PROBLEM TO SOLVE -
Look below for the line that contains "State the crop and the health of the leaf.", then quote it and all the lines after it, exactly, with the pictures left out.

◆ ◆ ◆ ◆ ◆

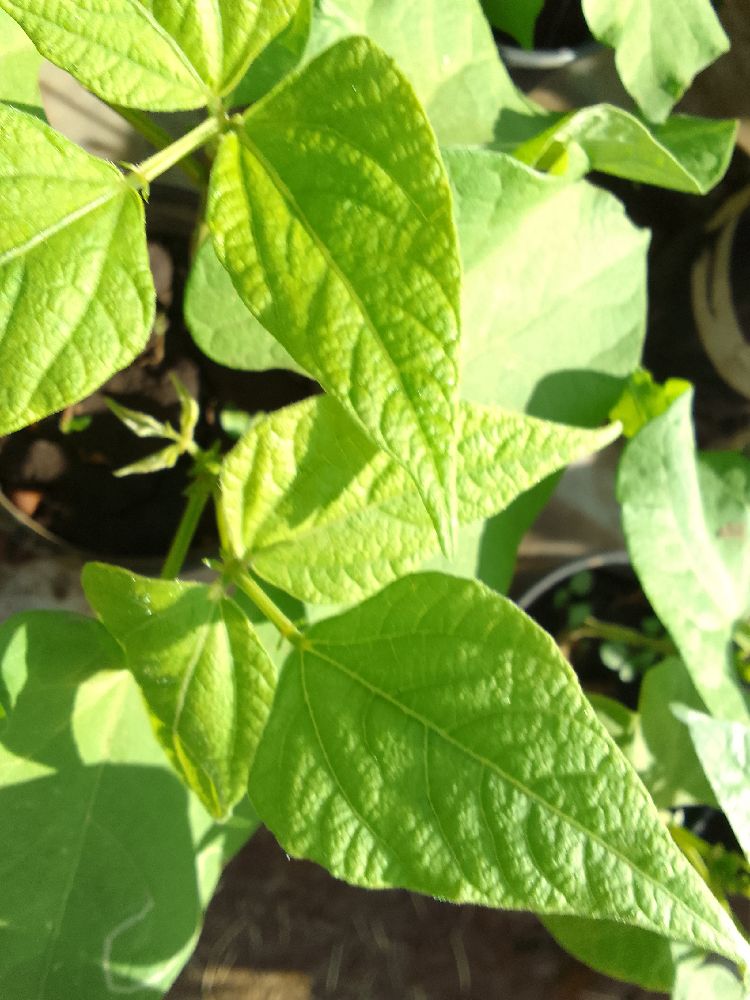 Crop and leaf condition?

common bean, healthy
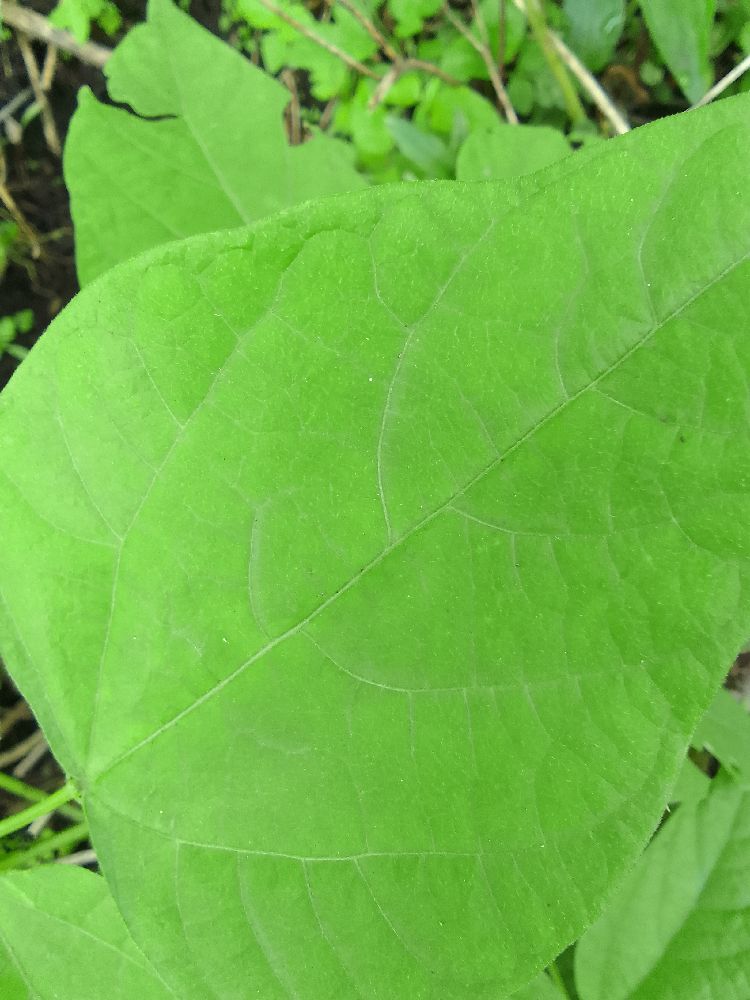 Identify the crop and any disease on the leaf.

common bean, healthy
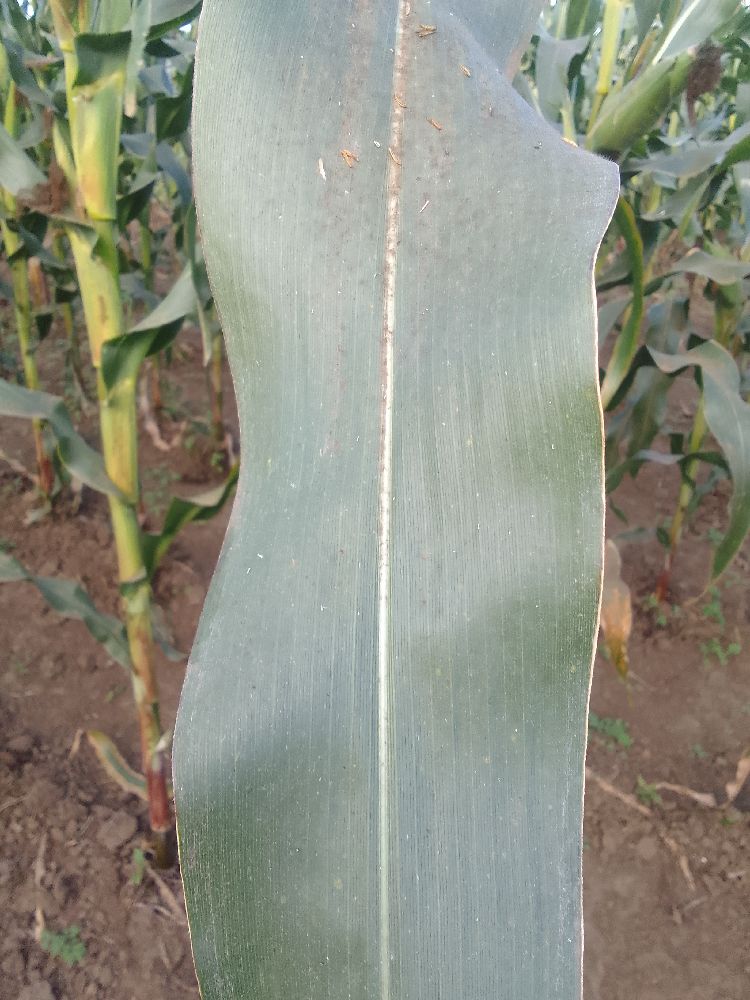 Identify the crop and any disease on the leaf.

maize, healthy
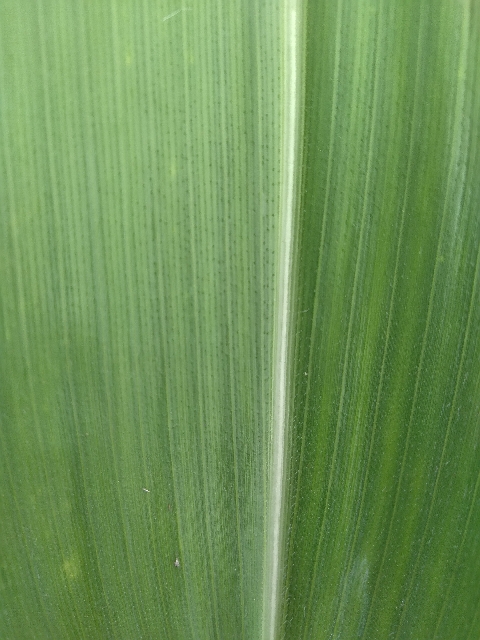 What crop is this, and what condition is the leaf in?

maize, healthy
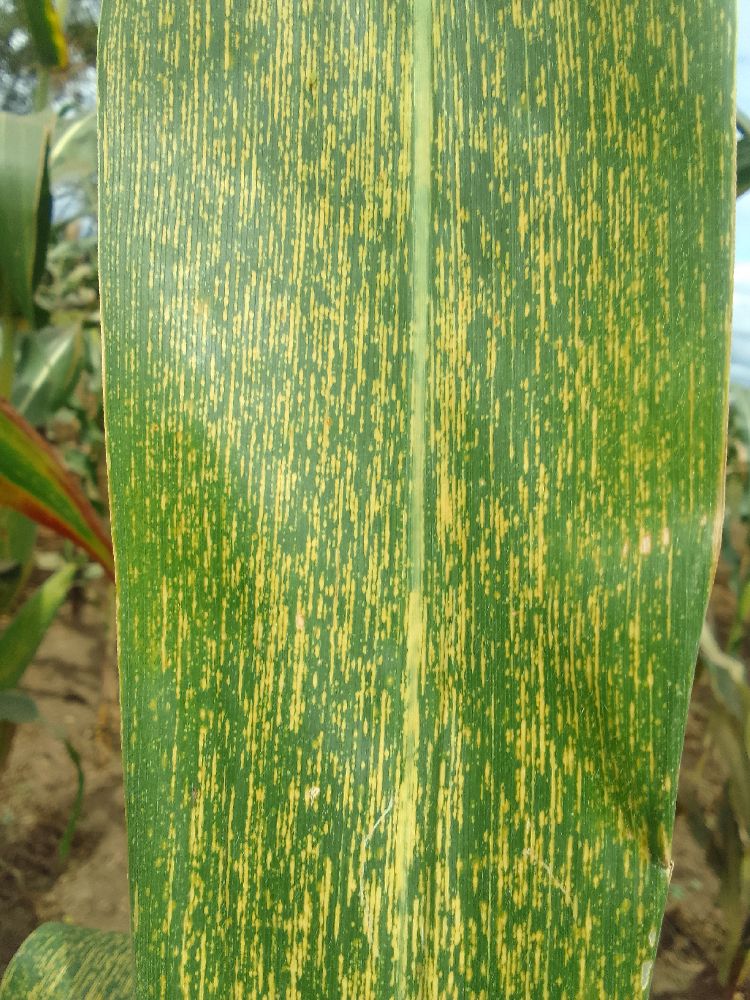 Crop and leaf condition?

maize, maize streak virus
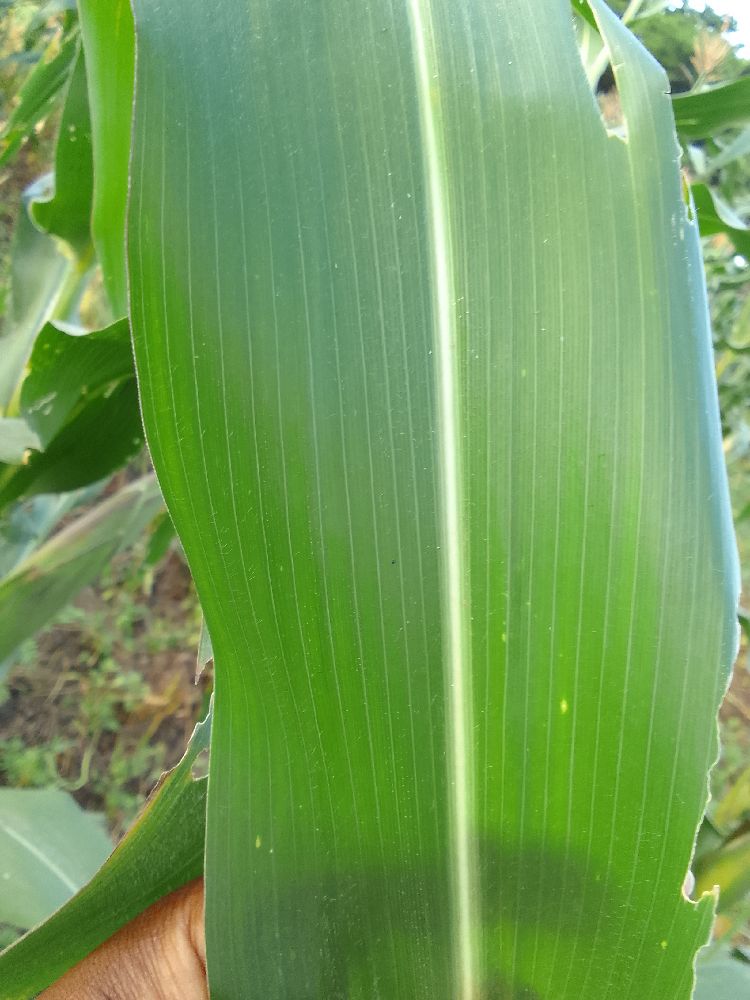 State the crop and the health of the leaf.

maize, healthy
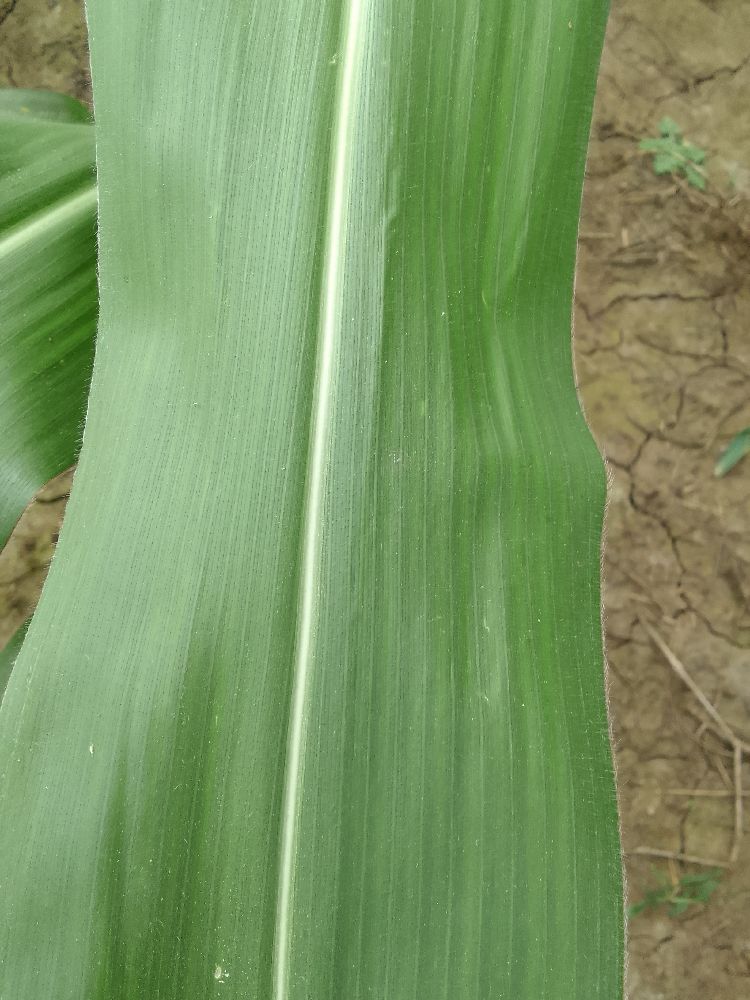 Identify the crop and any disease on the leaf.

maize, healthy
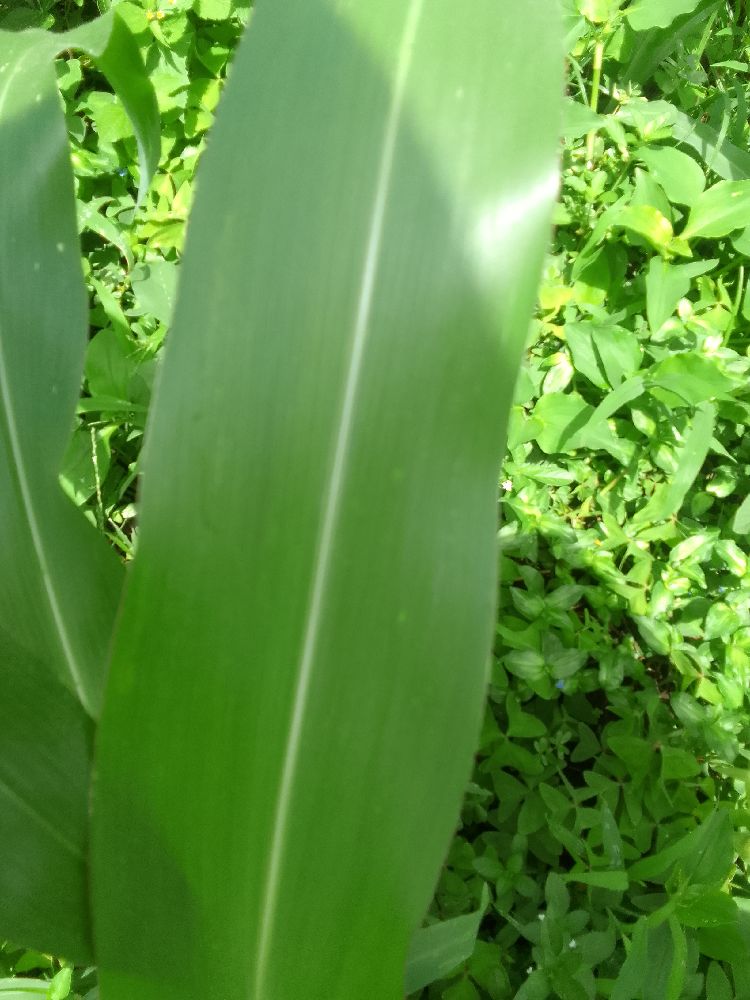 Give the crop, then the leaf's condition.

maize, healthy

◆ ◆ ◆ ◆ ◆

RESULT OF THE EXERCISE -
 State the crop and the health of the leaf.

maize, healthy
 Identify the crop and any disease on the leaf.

maize, healthy
 Give the crop, then the leaf's condition.

maize, healthy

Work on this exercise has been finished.